Quantifying Settlers

By, Neo Ellison

Continuing my ongoing quest for mastery of all things analytical, I gave myself a challenge (reward) to build a representation of the game Settlers of Catan using Python to see what kind of insights I could garner from it. Now for those of you not familiar, Settlers of Catan is a resourced based game where players are tasked with colonizing the fictional Isle of Catan by collecting resources and using them to expand their settlements until one player builds enough structures to win. The key to this game is of course collecting resources, what makes this challenging is the setup of the board changes every game and the resources you collect each turn are actually determined by rolling dice, so from game to game there can be a lot of variability.

Sample board:

Sample Settlers board on our glorious hardwood floors

To receive resources players will place little wooden pieces called settlements on the corners of the hexes (nodes), and when the dice are rolled the each player will collect the resource cards for any settlement with an adjacent hex which had the same number as the dice. Of course there are a lot of other aspects of the game, but for this exercise this is enough explanation for you to follow along.

Now to create a computer representation requires thinking of the Settlers board in the same way a computer can understand it. So a node in Settlers can be thought of as just a point in two-dimensional space. Taking this a bit further there are 54 nodes in all and they are connected to form 19 hexagons. This is a good start to get the feel of the board, and add some graphing and a little styling and you can use that to draw some pretty hexagons, cool but we are far from being able to do anything useful:

The basic Settlers board

Next you’ll need to tell the computer how the nodes and hexagons are related starting with the concept of being adjacent. This is important because in the game when the dice are rolled only the nodes adjacent to the hex with the number rolled will get the resources. Once this is done we need two more attributes to our hexes, we need to define which resources should be applied to each hex and which number so that when the dice are rolled we know which hex they affect.

I am going to skip the details on how I accomplished all this, don’t worry all the code is available on my github, see tying previous posts together. So we now have a board of hexes and nodes with a bunch of properties, all that is missing is the roll mechanism. Putting this together was on the complex side, with mapping a roll to the hexes with attribute number == roll, to that hex’s resource, applying that resource to the adjacent nodes, and capturing the results. But put it together and… BOOM! We have a very basic representation of a Settlers board that a computer can iterate through to gain insights.

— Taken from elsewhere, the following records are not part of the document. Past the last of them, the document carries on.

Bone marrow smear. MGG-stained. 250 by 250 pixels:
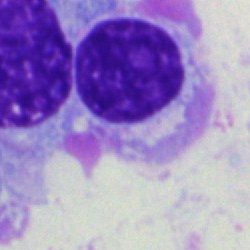
The cell type is plasma cell.
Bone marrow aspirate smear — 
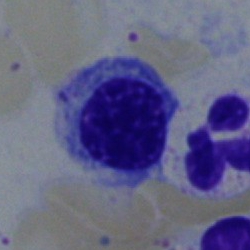This is a nucleated red cell.
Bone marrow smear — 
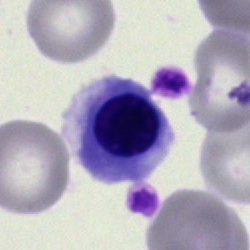
Classification — erythroblast.
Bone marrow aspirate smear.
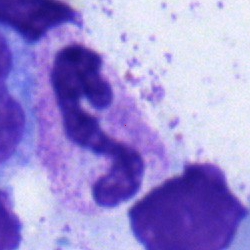
The cell shown is a polymorphonuclear neutrophil.
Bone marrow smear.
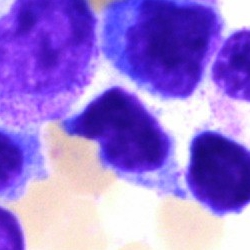
Q: What is the morphological classification of this cell?
A: Lymphocyte.
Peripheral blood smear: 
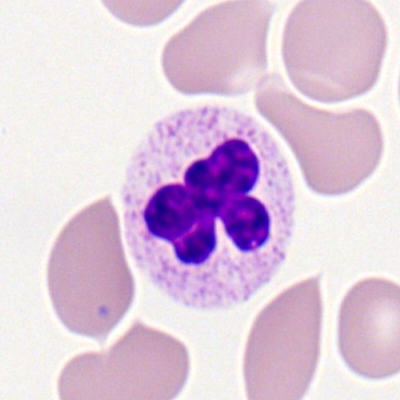
The cell type is neutrophil (segmented).
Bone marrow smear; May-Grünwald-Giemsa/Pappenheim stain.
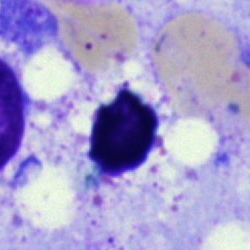 Q: What is shown here?
A: This is an artifact.
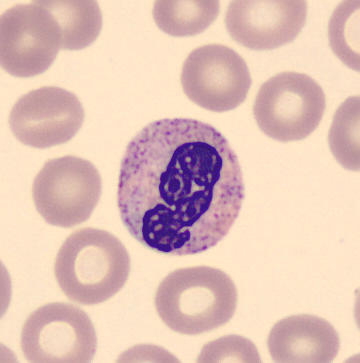 Peripheral blood smear. Q: Identify the cell.
A: It is a segmented neutrophil.
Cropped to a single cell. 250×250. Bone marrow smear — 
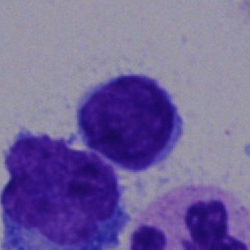
Morphology — typical lymphocyte.
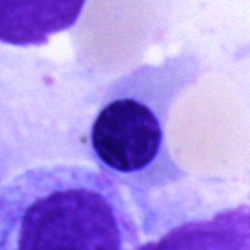An erythroblast.
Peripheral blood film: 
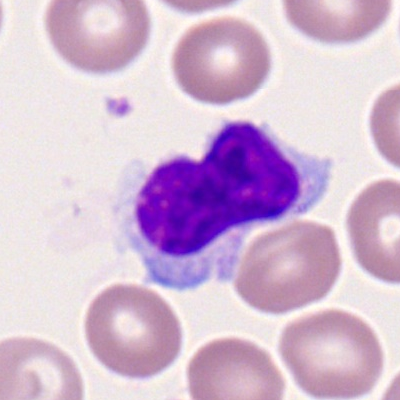 Q: What type of cell is this?
A: This is a typical lymphocyte.
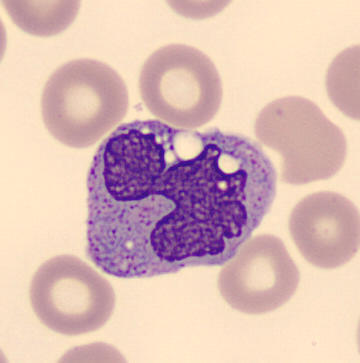

Classification: monocyte.

Acquisition: May Grünwald-Giemsa stain · peripheral blood film · cropped to a single cell.
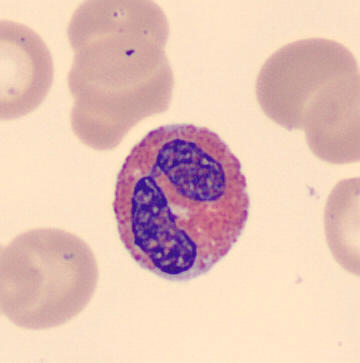
Classification — eosinophilic granulocyte.
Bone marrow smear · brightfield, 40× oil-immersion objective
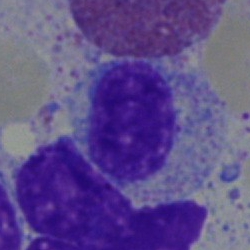 {"cell_type": "myelocyte", "lineage": "myeloid"}
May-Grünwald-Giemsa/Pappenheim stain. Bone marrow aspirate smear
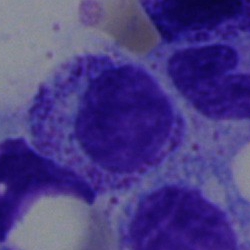 The classification is promyelocyte.
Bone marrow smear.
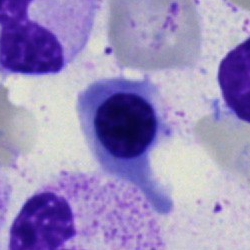
{"cell_type": "erythroblast", "lineage": "erythroid"}
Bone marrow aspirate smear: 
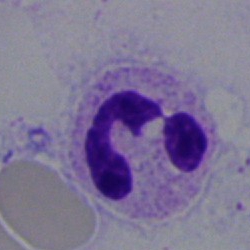Cell type — polymorphonuclear neutrophil.
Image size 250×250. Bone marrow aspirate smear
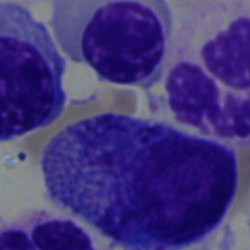Cell = myelocyte.
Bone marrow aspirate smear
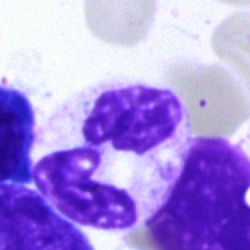 Q: What is shown here?
A: It is a segmented neutrophil.
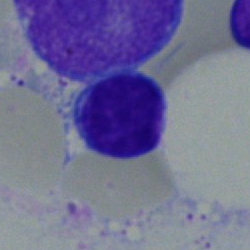

This is a lymphocyte.
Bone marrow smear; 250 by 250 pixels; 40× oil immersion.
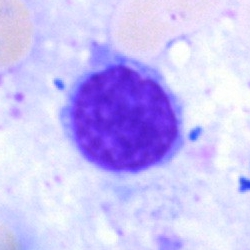

{"cell_type": "lymphocyte"}
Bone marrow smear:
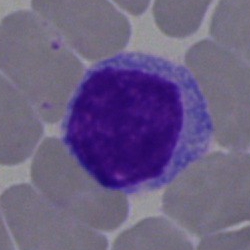
Q: What is shown here?
A: It is a lymphocyte.
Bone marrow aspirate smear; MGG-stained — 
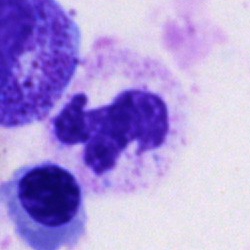
Specimen: bone marrow aspirate smear.
Cell type: polymorphonuclear neutrophil.
Lineage: myeloid.
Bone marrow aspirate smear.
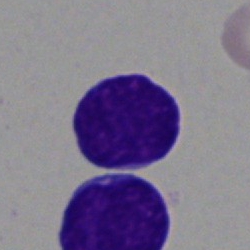Morphology consistent with a blast cell.
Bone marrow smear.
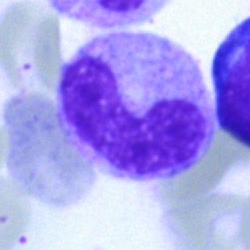
Q: Identify the cell.
A: Stab cell.
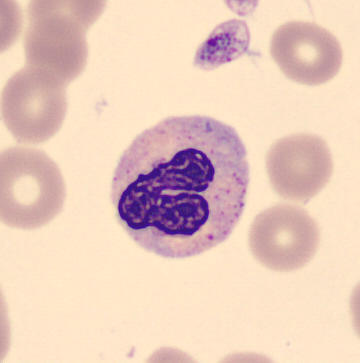
Preparation: Peripheral blood smear. Imaged on a CellaVision DM96 analyser.

Morphology consistent with a band neutrophil.
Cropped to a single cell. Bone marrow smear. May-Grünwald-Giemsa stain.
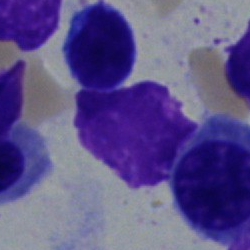
Specimen: bone marrow aspirate smear.
Classification: typical lymphocyte.
Lineage: lymphoid.
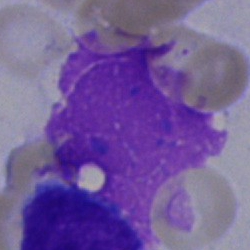Classification = artifact.
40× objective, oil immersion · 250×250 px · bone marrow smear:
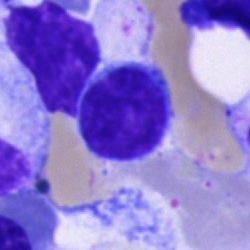

Q: What is shown here?
A: A typical lymphocyte.
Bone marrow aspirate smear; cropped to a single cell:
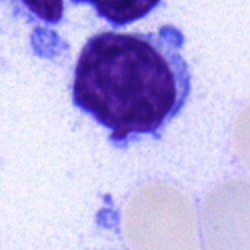A lymphocyte.
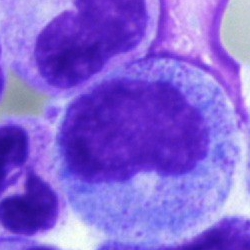 {"cell_type": "myelocyte", "lineage": "myeloid"}
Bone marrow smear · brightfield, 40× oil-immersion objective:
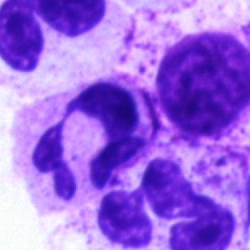A polymorphonuclear neutrophil.
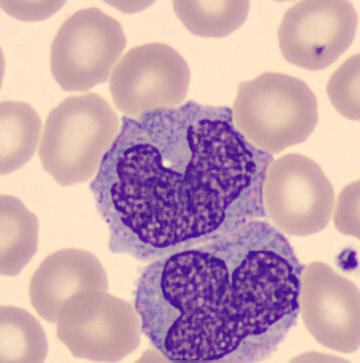

Image: MGG-stained. Peripheral blood smear.

Cell — monocyte.
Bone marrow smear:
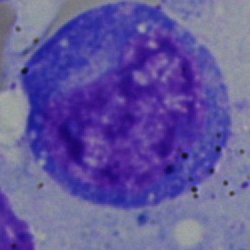
Morphology consistent with a promyelocyte.
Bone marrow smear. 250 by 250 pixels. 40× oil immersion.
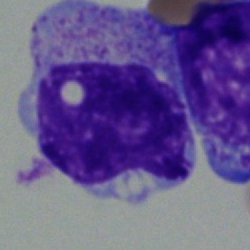
Cell type — myelocyte.
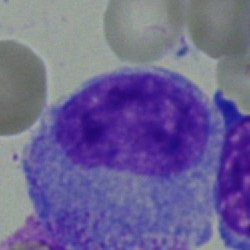
Single-cell crop from a bone marrow smear: myelocyte.
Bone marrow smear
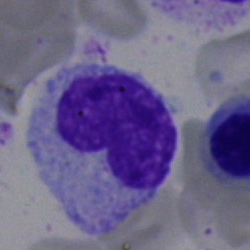 Specimen: bone marrow aspirate smear.
Morphological class: metamyelocyte.
Lineage: myeloid.
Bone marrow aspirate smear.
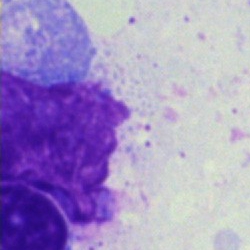

Artefact.
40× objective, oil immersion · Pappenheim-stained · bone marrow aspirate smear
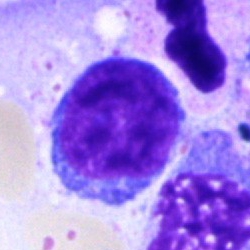

This is a lymphocyte.
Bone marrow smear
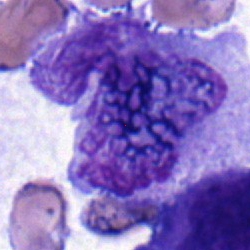
Q: What is the morphological classification of this cell?
A: A blast.
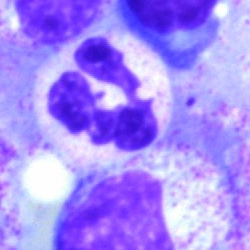
Morphological class: neutrophil (segmented).
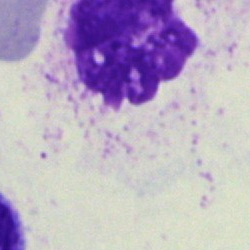Bone marrow aspirate smear, single cell — artefact.
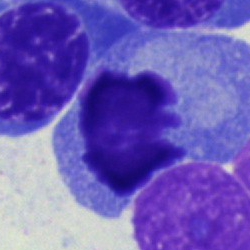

Now this is where things got fun for me, I added a little function to allow simulation of resource distribution collected over the course of a game, estimated at 200 rolls. Also I added some pretty visualizations, a histogram of the distribution of which rolls took place, some bar charts on each node which show you the proportion of resources collected, and finally a very nice top 10 list of the most prolific nodes, not too shabby.

Given this was my first attempt at making a representation of a game programmatically to gain insights I am pretty pleased. I have a better understanding of a game I love and it was a lot of fun to boot. But as I started running simulations something strange started happening, the distributions were not behaving:

Boards behaving badly

I am assuming all of you are familiar with the normal distribution, also called a bell curve, well the distribution above is not matching expectation. Someone forgot to tell the 11s that they are a very unlikely number and should not be rolled nearly 10% of the time! Why is this happening? Well that is actually a pretty simple answer: sample size. There are just not enough rolls in the average Settlers game to minimize the variance enough to provide a consistent roll distribution. This lack of consistency actually provides a well documented phenomenon called a “variable rewards system”, and is vital to keeping a person attentive and engaged. And that phenomenon is what makes Settlers of Catan so damn interesting, TIL.

Still, next time you are playing Settlers, this knowledge will probably provide little comfort when your settlement in between a 6 5 9 is taking a nap while your wife’s 4 11 11 is as busy as a beaver that just discovered triple espressos. But at least you can take pride in the fact that it was relatively unlikely that she would stomp you so mercilessly, much to the amusement of everyone else at the table.